34th Union Minister of State (Independent Charge) for Law and Justice
- Incumbent
- Assumed office 18 May 2023
- Prime Minister: Narendra Modi
- Preceded by: Kiren Rijiju

Union Minister of State for Parliamentary Affairs
- Incumbent
- Assumed office 3 September 2017 Serving with V. Muraleedharan (2019-2024) and L. Murugan (2024-)
- Minister: Ananth Kumar Narendra Singh Tomar Pralhad Joshi Kiren Rijiju
- Preceded by: Vijay Goel

Union Minister of State for Heavy Industries and Public Enterprises
- In office 30 May 2019 – 7 July 2021
- Minister: Prakash Javadekar

Union Minister of State for Finance & Corporate Affairs
- In office 5 July 2016 – 3 September 2017
- Prime Minister: Narendra Modi
- Minister: Arun Jaitley

Union Minister of State for Water Resources
- In office 5 July 2016 – 3 September 2017
- Prime Minister: Narendra Modi
- Minister: Uma Bharti

Member of Parliament, Lok Sabha
- Incumbent
- Assumed office 16 May 2009
- Preceded by: Dharmendra
- Constituency: Bikaner, Rajasthan

Union Minister of State for Culture
- In office 7 July 2021 – 10 June 2024 Serving with Meenakshi Lekhi
- Preceded by: Kanti Singh
- Succeeded by: Rao Inderjit Singh

Personal details
- Born: 20 December 1953 (age 72) Bikaner, Rajasthan, India
- Spouse: Pana Devi ​(m. 1968)​
- Children: 4
- Parents: Lakhu Ram Meghwal (father); Hira Devi Meghwal (mother);
- Education: MA, LLB, MBA
- Alma mater: Dungar College, Bikaner University of the Philippines
- Occupation: Civil servant
- Website: arjunrammeghwal.com

= Arjun Ram Meghwal =

Indian politician (born 1953)

Arjun Ram Meghwal (born 20 December 1953; /hi/) is an Indian politician who is serving as the 34th Minister of Law and Justice since 2024.
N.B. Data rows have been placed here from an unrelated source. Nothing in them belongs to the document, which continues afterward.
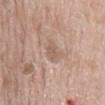Part of a total-body skin-imaging series; this lesion was reviewed on a skin check and was not flagged for biopsy. Cropped from a whole-body photographic skin survey; the tile spans about 15 mm. This is a white-light tile. Automated tile analysis of the lesion measured a lesion area of about 3 mm² and a shape eccentricity near 0.9. The software also gave a lesion color around L≈58 a*≈16 b*≈27 in CIELAB, roughly 7 lightness units darker than nearby skin, and a normalized lesion–skin contrast near 5. The analysis additionally found a border-irregularity rating of about 2.5/10. The software also gave an automated nevus-likeness rating near 0 out of 100. Approximately 3 mm at its widest. The subject is a male roughly 65 years of age. Located on the mid back.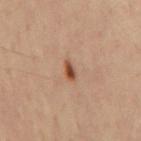  biopsy_status: not biopsied; imaged during a skin examination
  site: mid back
  patient:
    sex: male
    age_approx: 65
  lesion_size:
    long_diameter_mm_approx: 2.5
  image:
    source: total-body photography crop
    field_of_view_mm: 15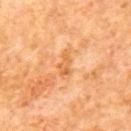  biopsy_status: not biopsied; imaged during a skin examination
  automated_metrics:
    area_mm2_approx: 3.5
    eccentricity: 0.85
    shape_asymmetry: 0.4
    cielab_L: 62
    cielab_a: 26
    cielab_b: 45
    vs_skin_contrast_norm: 6.0
    border_irregularity_0_10: 4.0
    color_variation_0_10: 2.0
    nevus_likeness_0_100: 0
    lesion_detection_confidence_0_100: 100
  lighting: cross-polarized
  image:
    source: total-body photography crop
    field_of_view_mm: 15
  lesion_size:
    long_diameter_mm_approx: 2.5
  site: mid back
  patient:
    sex: male
    age_approx: 65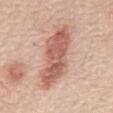{
  "biopsy_status": "not biopsied; imaged during a skin examination",
  "site": "mid back",
  "patient": {
    "sex": "male",
    "age_approx": 70
  },
  "lighting": "white-light",
  "image": {
    "source": "total-body photography crop",
    "field_of_view_mm": 15
  },
  "lesion_size": {
    "long_diameter_mm_approx": 9.0
  }
}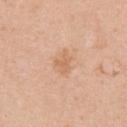Clinical impression: Part of a total-body skin-imaging series; this lesion was reviewed on a skin check and was not flagged for biopsy. Acquisition and patient details: Automated image analysis of the tile measured a lesion area of about 4 mm², an outline eccentricity of about 0.75 (0 = round, 1 = elongated), and a shape-asymmetry score of about 0.3 (0 = symmetric). The analysis additionally found an average lesion color of about L≈65 a*≈21 b*≈35 (CIELAB), a lesion–skin lightness drop of about 7, and a normalized lesion–skin contrast near 5.5. It also reported internal color variation of about 1.5 on a 0–10 scale. A female patient roughly 45 years of age. Imaged with white-light lighting. On the right upper arm. Cropped from a total-body skin-imaging series; the visible field is about 15 mm. About 3 mm across.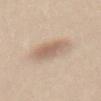{
  "biopsy_status": "not biopsied; imaged during a skin examination",
  "automated_metrics": {
    "cielab_L": 62,
    "cielab_a": 16,
    "cielab_b": 27,
    "vs_skin_darker_L": 10.0,
    "vs_skin_contrast_norm": 6.5
  },
  "lesion_size": {
    "long_diameter_mm_approx": 4.0
  },
  "patient": {
    "sex": "female",
    "age_approx": 45
  },
  "image": {
    "source": "total-body photography crop",
    "field_of_view_mm": 15
  },
  "site": "abdomen"
}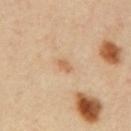Part of a total-body skin-imaging series; this lesion was reviewed on a skin check and was not flagged for biopsy. A 15 mm close-up extracted from a 3D total-body photography capture. Approximately 2 mm at its widest. Automated tile analysis of the lesion measured a lesion area of about 1.5 mm². The analysis additionally found a mean CIELAB color near L≈63 a*≈19 b*≈37, about 9 CIELAB-L* units darker than the surrounding skin, and a normalized lesion–skin contrast near 6.5. The analysis additionally found an automated nevus-likeness rating near 10 out of 100. The subject is a male about 40 years old. The tile uses cross-polarized illumination. From the mid back.

A member of the Bharatiya Janata Party, Meghwal formerly served as Chief Whip, minister of State for Heavy Industries and Public Enterprises from 2019 to 2021, minister of State for Finance and Corporate Affairs from 2016 to 2017 and minister of State for Water Resources from 2016 to 2017. He is also a member of Lok Sabha since 2009 representing the Bikaner constituency, Rajasthan. He was awarded the Best Parliamentarian in 2013.
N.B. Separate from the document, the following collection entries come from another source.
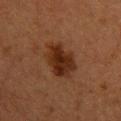Recorded during total-body skin imaging; not selected for excision or biopsy.
Automated tile analysis of the lesion measured border irregularity of about 2.5 on a 0–10 scale and internal color variation of about 3.5 on a 0–10 scale. And it measured an automated nevus-likeness rating near 85 out of 100 and a lesion-detection confidence of about 100/100.
About 4.5 mm across.
A lesion tile, about 15 mm wide, cut from a 3D total-body photograph.
A female subject, aged 38 to 42.
The lesion is located on the upper back.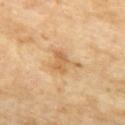Q: Was this lesion biopsied?
A: total-body-photography surveillance lesion; no biopsy
Q: What are the patient's age and sex?
A: female, approximately 75 years of age
Q: How large is the lesion?
A: about 3.5 mm
Q: Illumination type?
A: cross-polarized illumination
Q: What is the anatomic site?
A: the chest
Q: How was this image acquired?
A: ~15 mm crop, total-body skin-cancer survey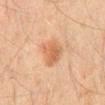<record>
  <biopsy_status>not biopsied; imaged during a skin examination</biopsy_status>
  <lesion_size>
    <long_diameter_mm_approx>3.5</long_diameter_mm_approx>
  </lesion_size>
  <site>mid back</site>
  <patient>
    <sex>male</sex>
    <age_approx>45</age_approx>
  </patient>
  <automated_metrics>
    <cielab_L>50</cielab_L>
    <cielab_a>20</cielab_a>
    <cielab_b>32</cielab_b>
    <vs_skin_darker_L>9.0</vs_skin_darker_L>
    <vs_skin_contrast_norm>7.0</vs_skin_contrast_norm>
    <lesion_detection_confidence_0_100>100</lesion_detection_confidence_0_100>
  </automated_metrics>
  <image>
    <source>total-body photography crop</source>
    <field_of_view_mm>15</field_of_view_mm>
  </image>
  <lighting>cross-polarized</lighting>
</record>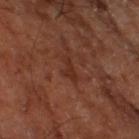{"biopsy_status": "not biopsied; imaged during a skin examination"}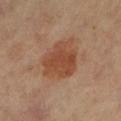Findings:
- anatomic site: the right leg
- lighting: cross-polarized
- automated metrics: a lesion area of about 16 mm², an eccentricity of roughly 0.55, and a symmetry-axis asymmetry near 0.25; a lesion color around L≈45 a*≈22 b*≈31 in CIELAB, a lesion–skin lightness drop of about 9, and a normalized lesion–skin contrast near 7.5; a border-irregularity rating of about 3/10, internal color variation of about 3.5 on a 0–10 scale, and a peripheral color-asymmetry measure near 1
- lesion size: about 5.5 mm
- patient: female, in their mid- to late 60s
- image source: total-body-photography crop, ~15 mm field of view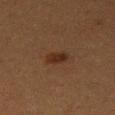| feature | finding |
|---|---|
| biopsy status | no biopsy performed (imaged during a skin exam) |
| diameter | ≈2.5 mm |
| site | the right thigh |
| subject | female, in their 40s |
| image source | total-body-photography crop, ~15 mm field of view |
| illumination | cross-polarized |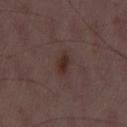follow-up=catalogued during a skin exam; not biopsied | acquisition=15 mm crop, total-body photography | subject=male, in their 50s.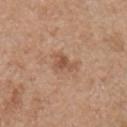{
  "biopsy_status": "not biopsied; imaged during a skin examination",
  "image": {
    "source": "total-body photography crop",
    "field_of_view_mm": 15
  },
  "patient": {
    "sex": "male",
    "age_approx": 55
  },
  "site": "front of the torso"
}

== Early life and education==
He was born Meghwal Caste to Lakhu Ram Meghwal and Hira Devi in the small village of Kishmidesar in Bikaner, Rajasthan. He is a Master of Arts in Political Science, and LLB from Dungar College in Bikaner, Rajasthan and MBA from University of the Philippines in the Philippines.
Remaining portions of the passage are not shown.